UA17119U - Device for solving the problem about the maximal independent set of a graph - Google Patents

Abstract

The proposed device for solving the problem about the maximal independent set of a graph contains a clock pulse generator, a pulse counter, a decoder, an array of elements for forming the topology of the graph, OR logic elements, the number of which is equal to the number of the array columns, a recording unit, and additionally, a two-bit binary counter, AND logic elements, the number of which is equal to the number of the array columns, and a NOR logic element. Each topology forming element contains a trigger and an AND logic element. The recording unit contains recording elements, the number of which is equal to the number of the array columns. Each recording element contains a NOT logic element, two AND logic elements, and a trigger.

Description

Description of the invention

The useful model refers to computer technology and can be applied in engineering, economics, 2 computer vision, when planning radio networks, drawing up routes, and designing large integrated circuits.

A well-known device for solving problems on graphs (Aust. of the USSR Mo1684795, IPC СОб6Е15/20, publ. 15.10.91, Bull. Mo38), which contains a synchronization block, which includes a clock pulse generator, a block for determining final vertices of the edges, the overdiagonal matrix of the topology formation of the studied graph, 70 switch, memory block, adder, and the input of the device launch is the input of the synchronization block, the first and second outputs of which are connected to the control input of the switch and the input of the record indicator of the memory block, respectively, the third the output of the synchronization block is connected to the clock input of the adder, the output of the value of the element of the topology formation matrix of the studied graph is connected to the input of the sign of the existence of the corresponding edge in the graph of the block for determining the end vertices of edges, the outputs of the block for determining the end vertices of edges are connected to the corresponding inputs of the switch, the outputs of the switch are connected to the corresponding inputs memory block, the outputs of the memory block are connected to the corresponding sum inputs torus, the output of which is connected to the information input of the memory block.
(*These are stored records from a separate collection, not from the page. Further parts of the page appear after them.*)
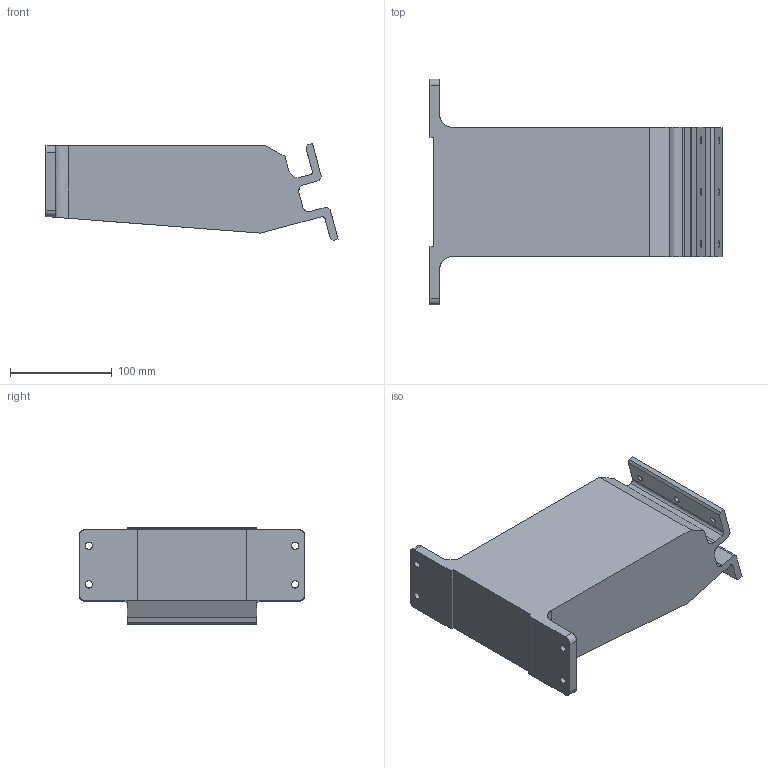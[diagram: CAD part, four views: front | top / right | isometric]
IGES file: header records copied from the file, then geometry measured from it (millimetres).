
Start section: SolidWorks IGES file using analytic representation for surfaces
Global section: file name: D1101771-v1-01_WEDGE SUPPORT, H1-L1, aLIGO TCS CO2P SM1.IGS; native system: SolidWorks 2012; preprocessor: SolidWorks 2012; author: mjacobso; date: 120625.141450; units: inch
Bounding box: 287.33 x 222.25 x 95.09 mm (x, y, z)
Surface area: 160247.9 mm2 (no closed solid volume)
Topology: 0 solids, 0 shells, 63 faces, 1148 edges, 1148 vertices
Faces by surface type: revolution 33, bspline 30

Using the device for solving problems on graphs does not allow you to find the maximum independent set of the graph due to the fact that the result of its work is information about the number of paths between each pair of vertices of the graph, the search for any subsets of the graph is not conducted.

The closest analogue of the claimed useful model is a device for studying the connectivity of a graph (autsv. USSR Mo1594558, IPC СОб6Е15/20, publ. 09/23/90, bulletin Mo35), which contains a clock pulse generator, a counter, a decoder, the matrix of cells forming the topology of the investigated graph, each cell of which consists of a trigger and two elements AND, the first input of the first element | connected to the 29 output of the trigger, and the output of the first element AND is connected to the first input of the second element AND, the first and second group of elements OR by the number of rows and columns of the matrix of the topology of the investigated graph, respectively, a group of elements NOT, an additional group of triggers, a registration block made in the form registration matrix of cells, each cell of which consists of a flip-flop and an element AND, the output of which is connected to the unit input of the flip-flop, and the start input of the clock pulse generator is the start input of the device, the output of the clock pulse generator is connected to the input of the counter and the zero inputs of the flip-flops -/- pe additional group, the output of the counter is connected to the input of the decoder, the outputs of the decoder are connected to the first inputs of the corresponding elements OR of the first group and the first inputs of the elements | cells of the corresponding rows of the registration matrix, the outputs of the OR elements of the first group are connected to the second inputs of the first elements /|che

In the cells of the corresponding row of the topology formation matrix of the studied graph, the inputs of the OR elements of the second 3o group are connected to the outputs of the second elements | cells of the corresponding column of the topology formation matrix -- the studied graph, the outputs of the OR elements of the second group are connected to the single inputs of the triggers of the additional group, the outputs of the triggers of the additional group are connected to the inputs of the NOT elements, the inputs of the OR elements of the first group, and the second inputs of the elements | cells of the corresponding column of the registration matrix, the outputs of the elements are NOT connected to the second inputs of the second elements | cells of the corresponding column of the topology formation matrix Z 50 of the investigated graph, the zero inputs of the triggers of the cells of the registration matrix and the topology formation matrix c of the investigated graph are combined and connected to the input of resetting the device to the initial state, single inputs

From the triggers of the topology formation matrix of the studied graph are the setting inputs of the device, the output of the decoder corresponding to the largest value of the counter is connected to the stop input of the clock pulse generator.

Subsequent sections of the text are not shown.